One Friday morning in January 1945 Ippisch climbed the steps to a narrow house on one of Amsterdam’s canal-lined streets, carrying a basket of bread and coal for the Resistance leaders’ weekly meeting.

Two burly German officers met her at the door. They escorted her and the captured leaders to prison, where she stayed for the next three months, when the war ended. Most of the leaders were executed. Ippisch narrowly escaped being sent to a concentration camp.

“That was not cool,” is how Ippisch sums up her prison experience. She doesn’t like to discuss it in detail, although she did describe how a German interrogator badgered her with questions one day. When she gave the same answers over and over, he whispered commands to two large, snarling dogs. The dogs kept inching closer until they were biting bits of flesh from her legs, but she kept quiet. Finally the frustrated officer sent her back to her cell.

She and her three cell-mates got bread and thin soup to eat, just enough to keep them alive. They noticed an odd, distinctive flavor in the food. Later they learned it was camphor, which was then the main ingredient in mothballs. The Germans believed camphor would make the women prisoners sterile, she said.

“We didn’t know that, so we ate it,” she said.

On the day the defeated enemy released her from prison, Ippisch had no alternative but to walk the 32 miles back to her family’s home, but by a stroke of luck she met an old friend on the street in Amsterdam and got a ride home on the back of her friend’s bicycle.
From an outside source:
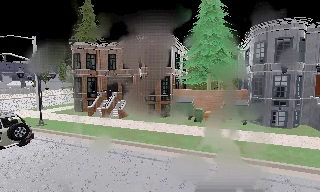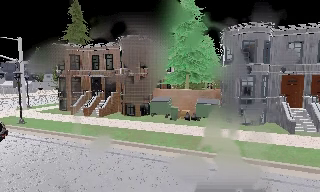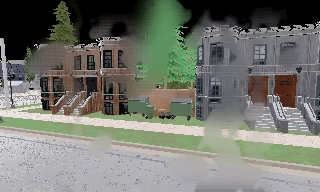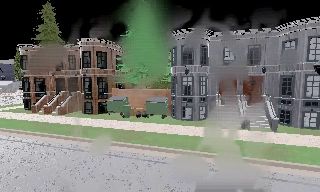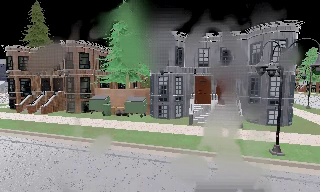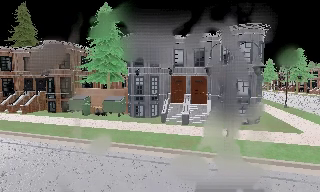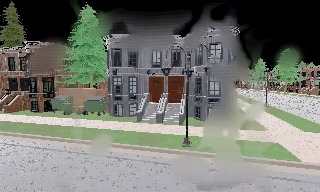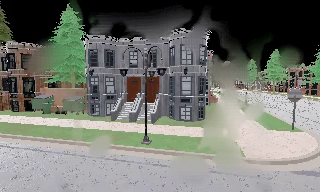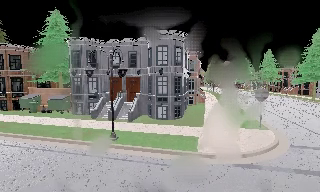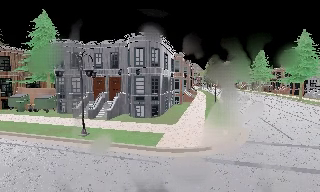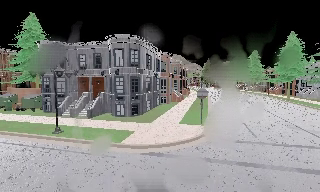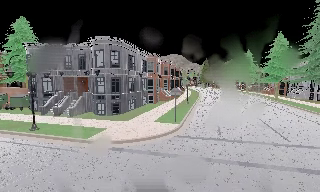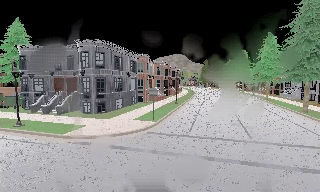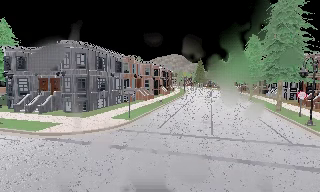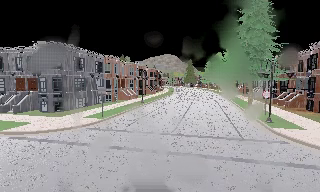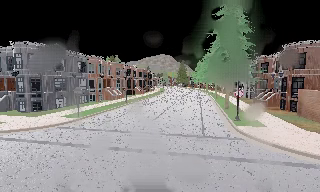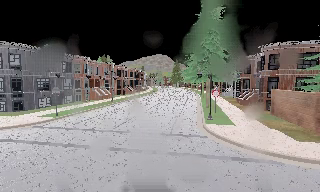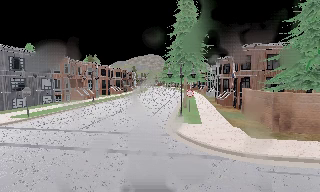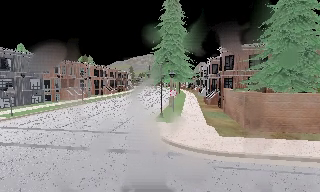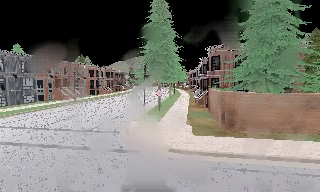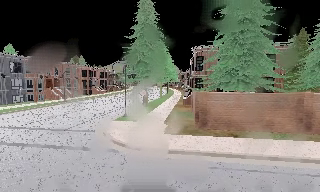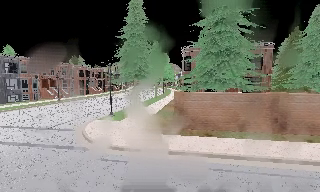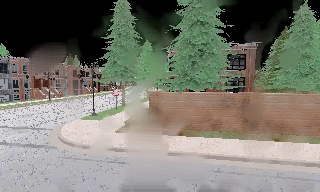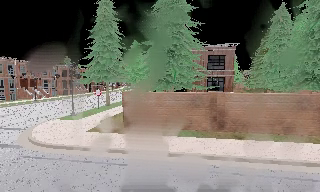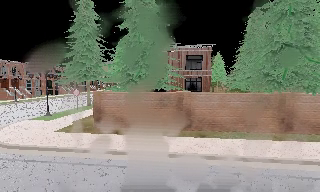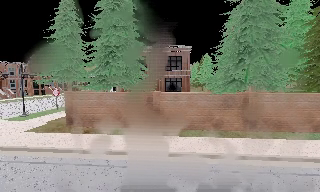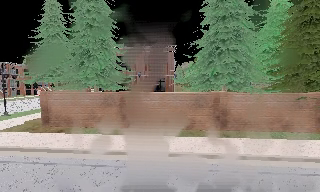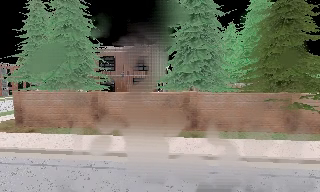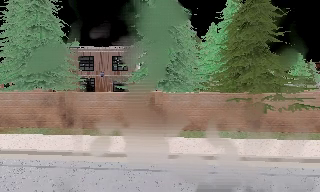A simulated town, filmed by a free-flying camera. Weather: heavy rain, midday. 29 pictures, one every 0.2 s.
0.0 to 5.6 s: The camera swings to its right by about 15 degrees, and the scene slides to the left. It travels to its right, about 50 m, so close, fixed things drift to the left.
The film runs backward here.

The end of the war didn’t end Ippisch’s adventures. She worked as a “cheer-up nurse” at the Dutch queen’s palace, half of which the queen converted into pleasant rooms for concentration camp and prison survivors who needed a few months of rest and relaxation. She also did a brief stint as a leader at a prison camp for people who had collaborated with the Nazis during the war. A surviving Resistance leader offered her a job escorting Jews from Europe to Israel, but the young woman was ready for a more peaceful life.

She took a job as an English tutor for a wealthy family in Sweden. She and one of the family’s sons married and moved to Oakland, Calif., where her husband worked as a chemist and she took her children to marches against the Vietnam war. Her husband’s job transferred them to Missoula in the 1960s, introducing her to the tranquility of Montana - and eventually to her new husband, Les Ippisch, a forest technician at the ranger station where they both worked.

These days Ippisch would rather talk about her husband, “my man,” who died last year, and about her daughter Hedvig, an award-winning artist who died last month of breast cancer, than about her youth in the Resistance. It’s understandable, given that she has spent much of the last 10 years traveling around the U.S., speaking at numerous classrooms in more than 300 schools - she’s lost count - about those days.

“It’s wonderful,” she said of her opportunities to teach youth about her years fighting hate crimes. “They write me hundreds of letters. And they all ask ‘Can you please come back and go to all the other schools around us too?’ Isn’t that cool?”